• **WORK REQUEST**
This exercise asks for a copy of each line in the records below with the word "стана" in it.

• **SOURCE DATA**
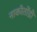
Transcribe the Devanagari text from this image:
नाकीतोंडी
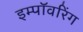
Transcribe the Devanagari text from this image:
इम्पॉवरिंग
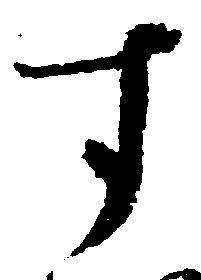
す
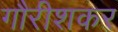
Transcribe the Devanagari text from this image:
गौरीशकर
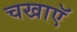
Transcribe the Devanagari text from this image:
चखाएॅ
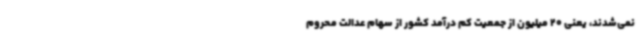
نمی‌شدند، یعنی 20 میلیون از جمعیت کم درآمد کشور از سهام عدالت محروم
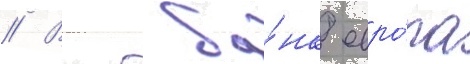
// Втб ба́нк евро́па
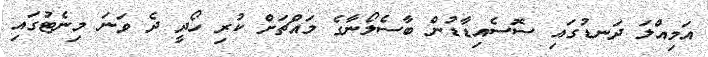
އަމިއްލަ ދަނޑުގައި ސޮސެއިޑާޑުން ބާސެލޯނާގެ މައްޗަށް ކުރި ހޯދީ ދެ ވަނަ މިނެޓުގައި
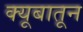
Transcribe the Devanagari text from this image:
क्यूबातून
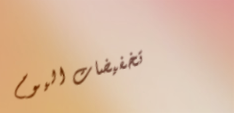
تخفيضات اليوم
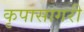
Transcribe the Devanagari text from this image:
कृपासागरी
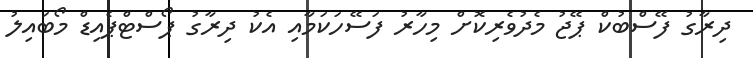
ދިރާގު ފޭސްބުކް ޕޭޖު މެދުވެރިކޮށް މިހާރު ފަސޭހަކަމާއި އެކު ދިރާގު ޕޯސްޓްޕެއިޑް މޯބައިލު
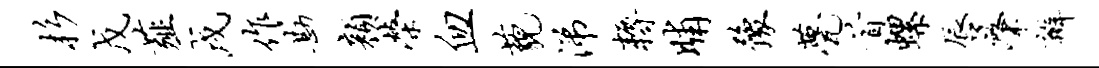
杉戊薤戌作勘颜荣血藐涕耨晡豫甍首螺唇肇瓣
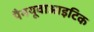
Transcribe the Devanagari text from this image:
पैनयूवाआइटिक
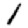
Digit: 1
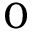
_ 0
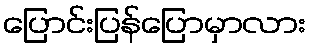
ပြောင်းပြန်ပြောမှာလား
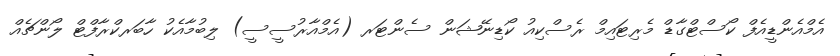
އެމްއެންޑީއެފް ކޯސްޓްގާޑް މެރިޓައިމް ރެސްކިއު ކޯޑިނޭޝަން ސެންޓަރ (އެމްއާރުސީސީ) ލިބުމާއެކު ހާބަރކްރާފްޓް ލޯންޗެއް
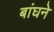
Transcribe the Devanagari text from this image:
बांघने
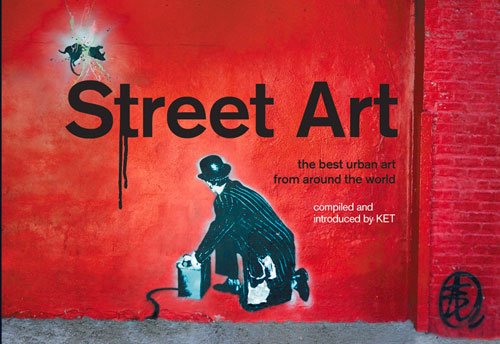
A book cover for Street Art: The Best Urban Art from Around the World; KET; Arts & Photography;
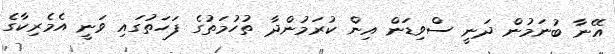
އޭނާ ބުނަމުން ދަނީ ސްވިޑަން އިން ކުރަމުންދާ ތުހުމަތުގެ ފަހަތުގައި ވަނީ އެމެރިކާގެ
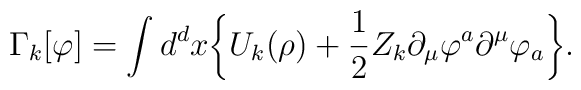
\Gamma_{k}[\varphi]=\int{d}^{d}{x}\bigg\{{U}_{k}(\rho)+\frac{1}{2}Z_k\partial_\mu\varphi^{a}\partial^\mu\varphi_{a}\bigg\}.
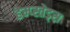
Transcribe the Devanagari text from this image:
हेम्प्स्तेड्स
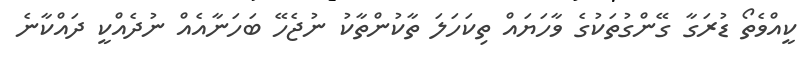
ކީއްވެތޯ ޑުރަގާ ގޭންގުތަކުގެ ވާހަޔައް ތިކަހަލަ ތާކުންތާކު ނުޖެހޭ ބަހަނާއެއް ނުދެއްކީ ދައްކާނެ
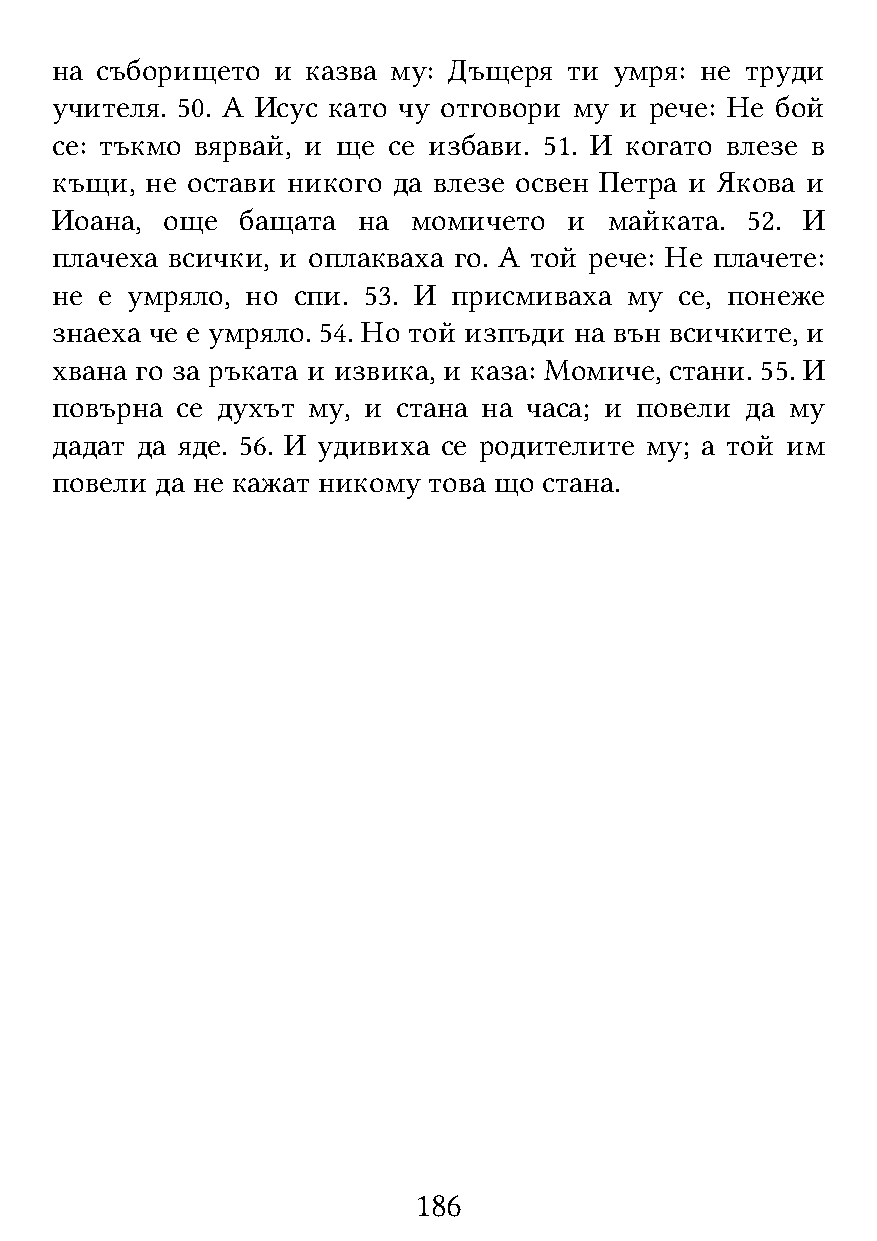
на съборището  и казва му: Дъщеря  ти умря: не труди
 учителя. 50. А Исус като чу отговори му и рече: Не бой
 се: тъкмо вярвай, и ще се избави. 51. И когато влезе в
 къщи,  не остави никого да влезе освен Петра и Якова и
 Иоана,  още  бащата  на момичето   и майката. 52. И
 плачеха всички, и оплакваха го. А той рече: Не плачете:
 не е умряло, но спи. 53. И присмиваха  му се, понеже
 знаеха че е умряло. 54. Но той изпъди на вън всичките, и
 хвана го за ръката и извика, и каза: Момиче, стани. 55. И
 повърна  се духът му, и стана на часа; и повели да му
 дадат да яде. 56. И удивиха се родителите му; а той им
 повели да не кажат никому това що стана.
 186
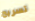
تسريح
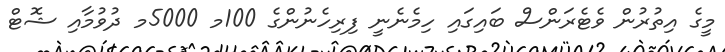
މީގެ އިތުރުން ވެޓެރަންސް ބައިގައި ހިމެނެނީ ފިރިހެނުންގެ 100މ 5000މ ދުވުމާއި ޝޮޓް
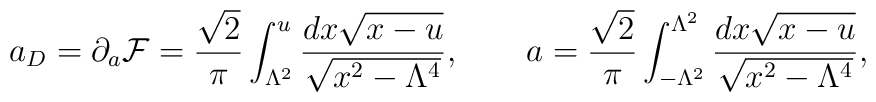
a_D=\partial_a{\cal F}={\sqrt 2\over \pi}\int_{\Lambda^2}^u {dx \sqrt{x-u}\over \sqrt{x^2-{\Lambda^4}}},\qquad a={\sqrt 2\over\pi}\int_{-{\Lambda^2}}^{\Lambda^2}{dx \sqrt{x-u}\over \sqrt{x^2-{\Lambda^4}}},
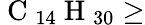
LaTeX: \mathrm{~C~}_{14}\mathrm{~H~}_{30}\geq
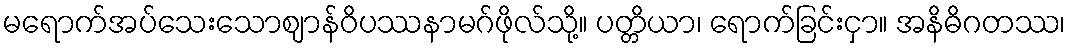
မရောက်အပ်သေးသောဈာန်ဝိပဿနာမဂ်ဖိုလ်သို့။ ပတ္တိယာ၊ ရောက်ခြင်းငှာ။ အနိဓိဂတဿ၊
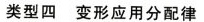
类型四变形应用分配律
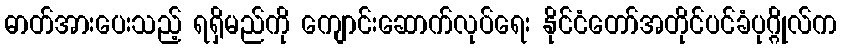
ဓာတ်အားပေးသည့် ရရှိမည်ကို ကျောင်းဆောက်လုပ်ရေး နိုင်ငံတော်အတိုင်ပင်ခံပုဂ္ဂိုလ်က
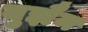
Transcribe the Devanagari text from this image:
युझैन
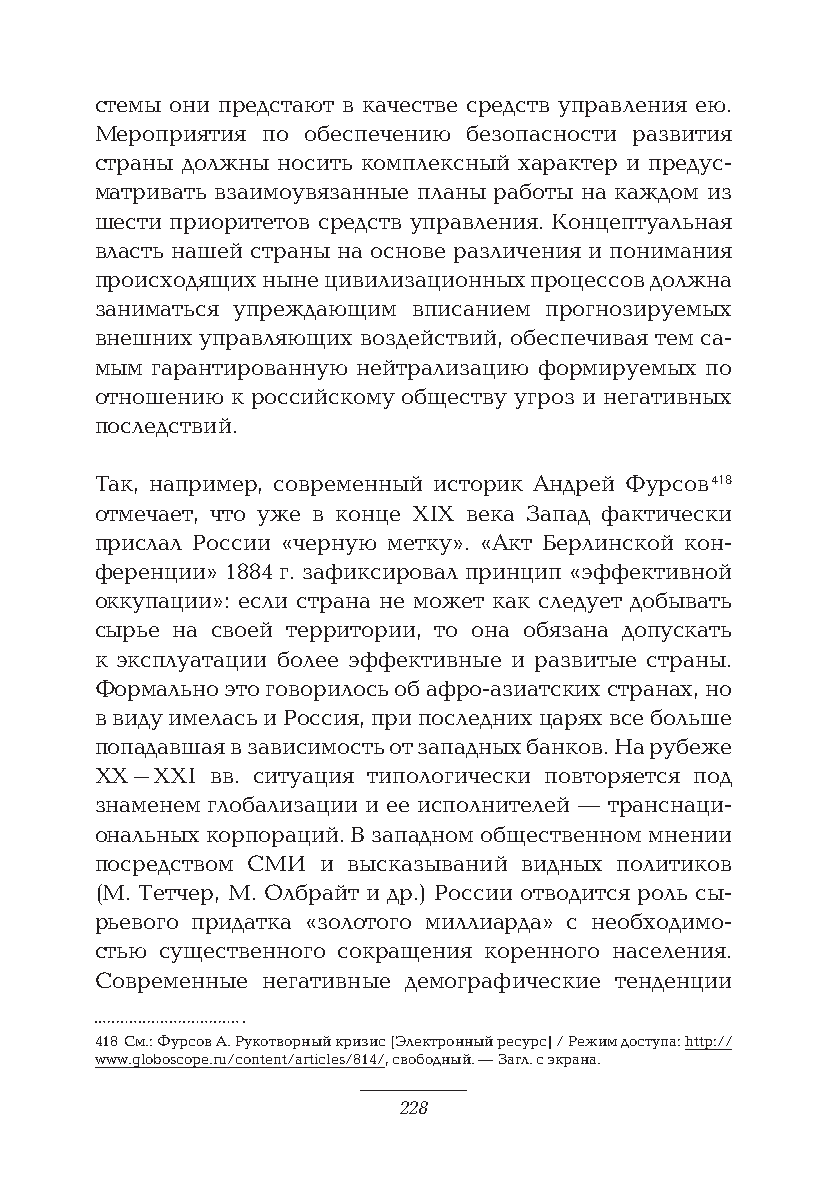
стемы они предстают в качестве средств управления ею.
 Мероприятия по обеспечению безопасности развития
 страны должны носить комплексный характер и предус-
 матривать взаимоувязанные планы работы на каждом из
 шести приоритетов средств управления. Концептуальная
 власть нашей страны на основе различения и понимания
 происходящих ныне цивилизационных процессов должна
 заниматься упреждающим вписанием прогнозируемых
 внешних управляющих воздействий, обеспечивая тем са-
 мым гарантированную нейтрализацию формируемых по
 отношению к российскому обществу угроз и негативных
 последствий.
 Так, например, современный историк Андрей Фурсов 418
 отмечает, что уже в конце ХIХ века Запад фактически
 прислал России «черную метку». «Акт Берлинской кон-
 ференции» 1884 г. зафиксировал принцип «эффективной
 оккупации»: если страна не может как следует добывать
 сырье на своей территории, то она обязана допускать
 к эксплуатации более эффективные и развитые страны.
 Формально это говорилось об афро-азиатских странах, но
 в виду имелась и Россия, при последних царях все больше
 попадавшая в зависимость от западных банков. На рубеже
 XX–XXI  вв. ситуация типологически повторяется под
 знаменем глобализации и ее исполнителей — транснаци-
 ональных корпораций. В западном общественном мнении
 посредством СМИ и высказываний видных политиков
 (М. Тетчер, М. Олбрайт и др.) России отводится роль сы-
 рьевого придатка «золотого миллиарда» с необходимо-
 стью существенного сокращения коренного населения.
 Современные негативные демографические тенденции
 418 См.: Фурсов А. Рукотворный кризис [Электронный ресурс] / Режим доступа: http://
 www.globoscope.ru/content/articles/814/, свободный. — Загл. с экрана.
 228

• **RESULT**
 повърна  се духът му, и стана на часа; и повели да му
 повели да не кажат никому това що стана.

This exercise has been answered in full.